На первых порах сердобольные хуторянки кое-чем помогали Полине Васильевне, а затем, запуганные председательшей сельсовета, приходить в шагановской курень перестали. И настал день, когда в нем не осталось ни крошки хлеба, ни горошины…
Собираясь с силами, Полина Васильевна уходила в немецкий колонок, за восемь километров, менять вещи на продукты. Ничего не жалела, чтобы подкрепить Егорку, исхудавшего так, что глядеть было больно: скелетик, обтянутый кожей. Леню, посещавшего школу, спасали бесплатные завтраки: крупяной супец да кукурузная лепешка. Половинку её он иногда приносил младшему брату. Но тот угасал день ото дня. Однажды, вернувшись с полбуханкой черного хлеба, мать увидела Егорушку лежащим на кровати. И как ни упрашивала она пожевать спасительные крохи, бедняжка даже рта не открыл. Немощь и сердечная боль в тот вечер свалили и саму Полину Васильевну. Надвинулась ночь. Вдруг оторвавшись от тяжкого забытья, мать вскинулась, увидела на столе горящую лучину, сидящего Леньку. Он плакал. Устремила растерянные глаза на кровать младшенького и мгновенно всё поняла…

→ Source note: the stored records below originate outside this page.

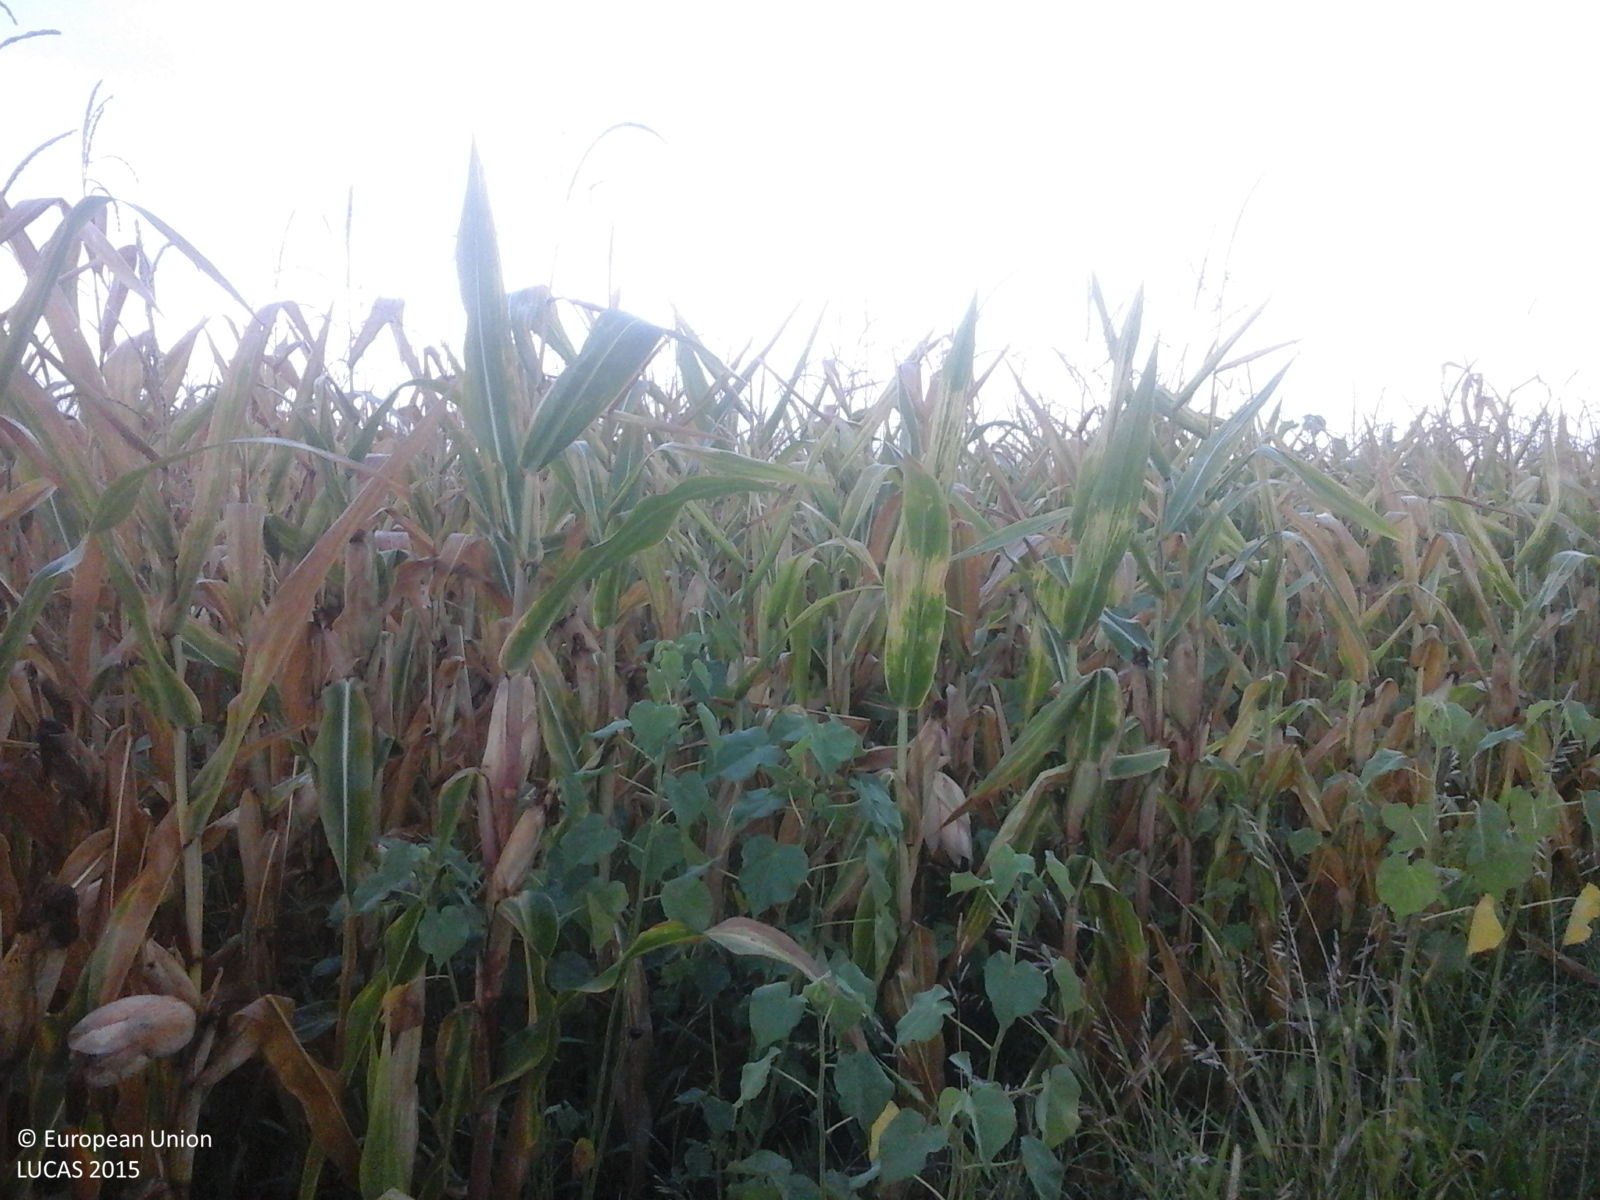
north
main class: Cropland
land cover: Maize
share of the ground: > 75 %
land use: Agriculture (excluding fallow land and kitchen gardens)
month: August
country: RO
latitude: 45.6264
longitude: 21.0976

Утром Устинья Дагаева и Ленька омыли и одели покойного. Дядька Петро Наумцев сколотил гробик. Вырыл за куренем яму. Хоронить на подворьях стало в хуторе привычным…
Дожили до мая. И, казалось, до спасения – рукой подать. Школьников водили на прополку колхозных полей. Там же кормили. И Лёнька мало-мальски выправился. А Полина Васильевна, отказывая себе в кусочке хлеба ради сына, наоборот, сдала. Юбки подвязывала веревками.
Накануне Троицы к Шагановым заехал дед Кострюк и обрадовал вестью, что на их клине, засеянном осенью, завощанела пшеница. В тот же час хозяйка устремилась в степь и вернулась с мешочком налущенных зерен. И мать, и Ленька неподвижно стояли у надворной печуры, пока варился суп, настоящий зерновой суп!